Catálogo Cine FAP Segundo Semestre de 2017 | Page 16
Texto: “Os Nossos Verdes Anos”, de Paulo Cunha.
Em: http://portopostdoc.com/home/noticias/view?id=25
“Era o amor / que chegava e partia: / estarmos os dois / era um calor / que arrefecia / sem
antes nem depois… / Era um segredo / sem ninguém para ouvir: / eram enganos / e era um
medo, / a morte a rir / nos nossos verdes anos...”
Os Verdes Anos é assumidamente um filme inovador no contexto português,
procurando trazer para Portugal o melhor da revolução cinematográfica e cinéfila que então
despontava na Europa das novas vagas. Chegado de Paris, onde estudara cinema durante
alguns anos, Paulo Rocha trabalhava no argumento do que eventualmente seria o primeiro
filme realizado por António da Cunha Telles, madeirense companheiro da aventura parisiense.
A leitura de uma vulgar notícia publicada no jornal sobre um crime de faca e alguidar – um
jovem sapateiro que assassinou a namorada perto do local onde vivia – despertou a sua
atenção e estaria na origem d’Os Verdes Anos. Mas Paulo Rocha não queria contar essa ou
outra história dramática sobre as circunstâncias do crime, queria sobretudo partir daí para
reflectir sobre as angústias e as frustrações de um país em plena ditadura.

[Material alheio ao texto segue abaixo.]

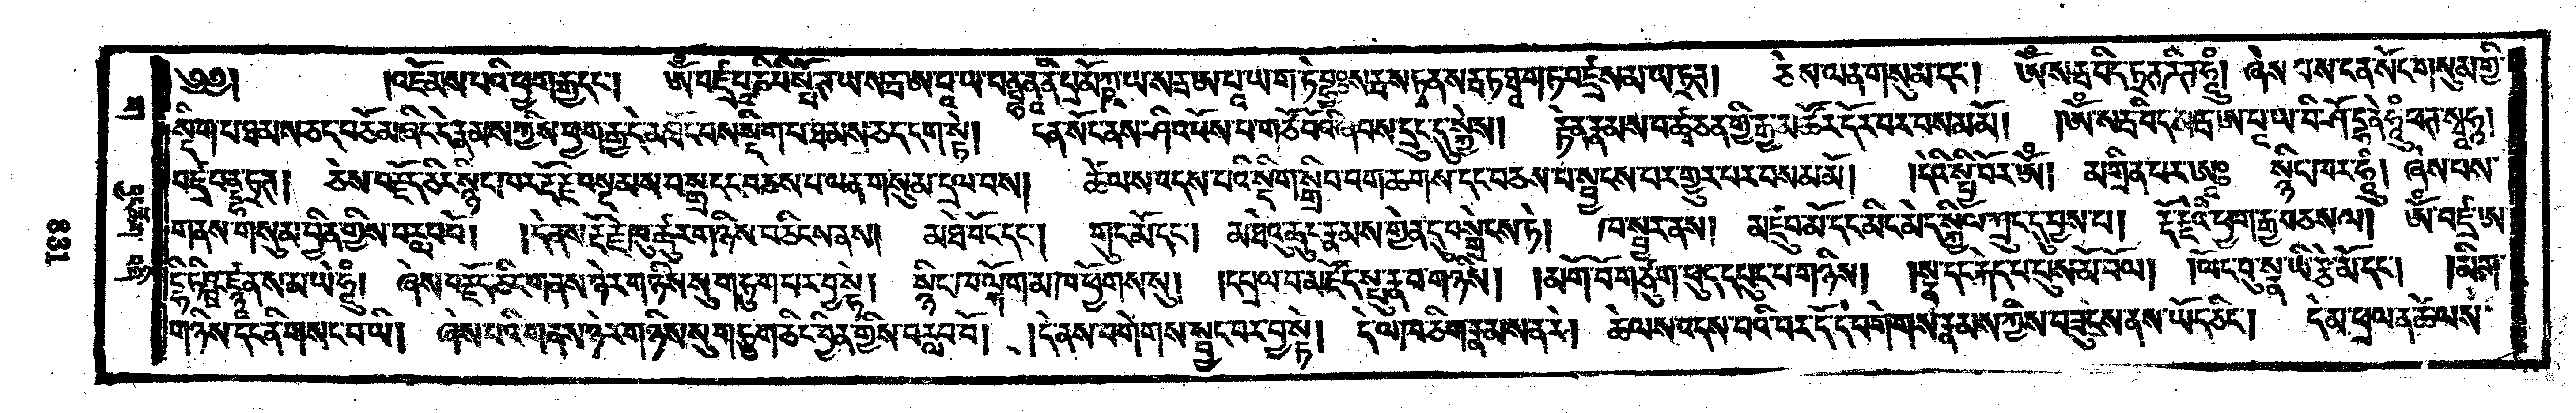༄༅། །འཇོམས་པའི་ཕྱག་རྒྱ་དང་། ཨོཾ་བཛྲ་པཱ་ཎི་པི་སྤོ་ཊ་ཡ་སརྦ་ཨ་པཱ་ཡ་བནྡྷ་ནཱ་ནི་པྲ་མོ་ཀྵ་ཡ་སརྦ་ཨ་པཱ་ཡ་ག་ཏེ་བྷྱཿསརྦས་ཏྭ་ན་སརྦ་ཏ་ཐཱ་ག་ཏ་བཛྲ་ས་མ་ཡ་ཏྲ་ཊ། ཅེས་ལན་གསུམ་དང་། ཨོཾ་སརྦ་བིད་ཏྲ་ཊ་ཌི་ཊ་ཧཱུཾ། ཞེས་པས་ངན་སོང་གསུམ་གྱི་
སྡིག་པ་ཐམས་ཅད་བཅོམ་ཞིང་དེ་རྣམས་ཀྱིས་ཕྱག་རྒྱ་དེ་མཐོང་བས་སྡིག་པ་ཐམས་ཅད་དག་སྟེ། ངན་སོང་ནས་ཤི་འཕོས་པ་གཙོ་བོའི་ཞབས་དྲུང་དུ་སྐྱེས། རྟེན་རྣམས་བ་ཚྭ་ཅན་གྱི་རྒྱ་མཚོར་དོར་བར་བསམ་མོ། །ཨོཾ་སརྦ་བིད་མརྦ་ཨ་པཱ་ཡ་བི་ཤོ་དྷ་ནེ་ཧཱུཾ་ཕཊ་སྭཱཧཱ།
བཛྲ་བནྡྷ་ཏྲ་ཊ། ཅེས་བརྗོད་ཅིང་སྙིང་ཁར་རྡོ་རྗེ་བསྔམས་བསྒྲ་དང་བཅས་པ་ལན་གསུམ་དྲལ་བས། ཚེ་ལས་འདས་པའི་སྡིག་སྒྲིབ་བག་ཆགས་དང་བཅས་པ་སྦྱངས་བར་གྱུར་པར་བསམ་མོ། །དེའི་སྤྱི་བོར་ཨོཾ། མགྲིན་པར་ཨཱཿ སྙིང་ཁར་ཧཱུཾ། ཞེས་པས་
གནས་གསུམ་བྱིན་གྱིས་བརླབ་བོ། །དེ་ནས་རྡོ་རྗེ་ཁུ་ཚུར་གཉིས་བཅིངས་ནས། མཐེ་བོང་དང་། གུང་མོ་དང་། མཐེའུ་ཆུང་རྣམས་གྱེན་དུ་བསྒྲེངས་ཏེ། ཁ་སྦྱར་ནས། མཛུབ་མོ་དང་མིང་མེད་སྐྱིལ་ཀྲུང་དུ་བྱས་པ། རྡོ་རྗེའི་ཕྱག་རྒྱ་བཅས་ལ། ཨོཾ་བཛྲ་ཨ་
དྷི་ཏིཥཊཿཨ་ཛྙཱ་ན་ས་མ་ཡེ་ཧཱུཾ། ཞེས་བརྗོད་ཅིང་གནས་ཉེར་གཉིས་སུ་གཏུག་པར་བྱ་སྟེ། སྙིང་ཁ་ལྐོག་མ་ཁ་ཕྱོགས་སུ། །དཔྲལ་བ་མཛོད་སྤུ་རྣ་བ་གཉིས། །མགོ་བོ་གཙུག་ཕུད་དཔུང་པ་གཉིས། །སྣ་དང་རྐེད་པ་པུས་མོ་བོལ། །ལོང་བུ་སྣ་ཡི་རྩེ་མོ་དང་། །མིག་
གཉིས་དང་ནི་གསང་བ་ཡི། ཞེས་པའི་གནས་ཉེར་གཉིས་སུ་གཏུག་ཅིང་བྱིན་གྱིས་བརླབ་བོ། །དེ་ནས་བགེགས་སྦྱང་བར་བྱ་སྟེ། དེ་ལ་ཁ་ཅིག་རྣམས་ན་རེ། ཆེ་ལས་འདས་པའི་བར་དོ་དེ་བགེགས་རྣམས་ཀྱིས་བཟུངས་ནས་ཡོད་ཅིང་། དེ་མ་ཕྲལ་ན་ཚེ་ལས་

A forma subjectiva como Paulo Rocha “conta” a sua história, a desvalorização do
argumento em favor da mise-en-scène, a falta de diálogos verbais, os enquadramentos e a
mobilidade da câmara, o sentido abstrato da guitarra de Carlos Paredes e do poema de Pedro
Tamen parcialmente transcrito acima, colocavam Os Verdes Anos na linhagem europeia do
cinema moderno que então despontava. Paulo Rocha explora as diversas camadas textuais
para compor um filme que não quer expor ou impor uma leitura, mas potenciar as imensas
leituras possíveis a cada espectador. A belíssima sequência do baile, em que os protagonistas
dançam e dialogam em torno e com o poema de Pedro Tamen, e a sequência final, o crime
propriamente dito e a “fuga” de Júlio, são exemplares de como uma narrativa com pontas soltas
pretende convocar a liberdade crítica do espectador, tal como fazia o cinema moderno que
inundava o cinema europeu.
Mesmo que isso não fosse o que mais interessava a Paulo Rocha, Os Verdes
Anos também documenta uma transformação na sociedade portuguesa, que reclamava uma
ruptura com o Portugal fechado e conformista dos pátios das cantigas e das aldeias da roupa
branca. O país vivia uma transição conflituosa de um paradigma ruralista e nacionalista para
um cosmopolitismo urbano, que o complexo drama individual de Júlio tão bem sugere.
Com o passar dos anos, Os Verdes Anos tornar-se-ia uma das obras mais
referenciais da história do cinema português, inaugurando uma genealogia estética em que se
inscreveriam imensos realizadores de gerações diferentes. São inúmeros os exemplos de outras
obras posteriores que citam passagens ou elementos do filme de Paulo Rocha,
nomeadamente O Sangue (Pedro Costa, 1989), Três Irmãos (Teresa Villaverde, 1995), Corte de
Cabelo (Joaquim Sapinho, 1995), Xavier(Manuel Mozos, 2002) ou Arena (João Salaviza, 2009).
Raquel Freire, uma discípula assumida, dirá mesmo que “todos os filmes [da história do
cinema português] pós-Paulo Rocha são uma repetição d’Os Verdes Anos”. Neste aspecto, Os
Verdes Anos é ainda um filme sem par na história do cinema português.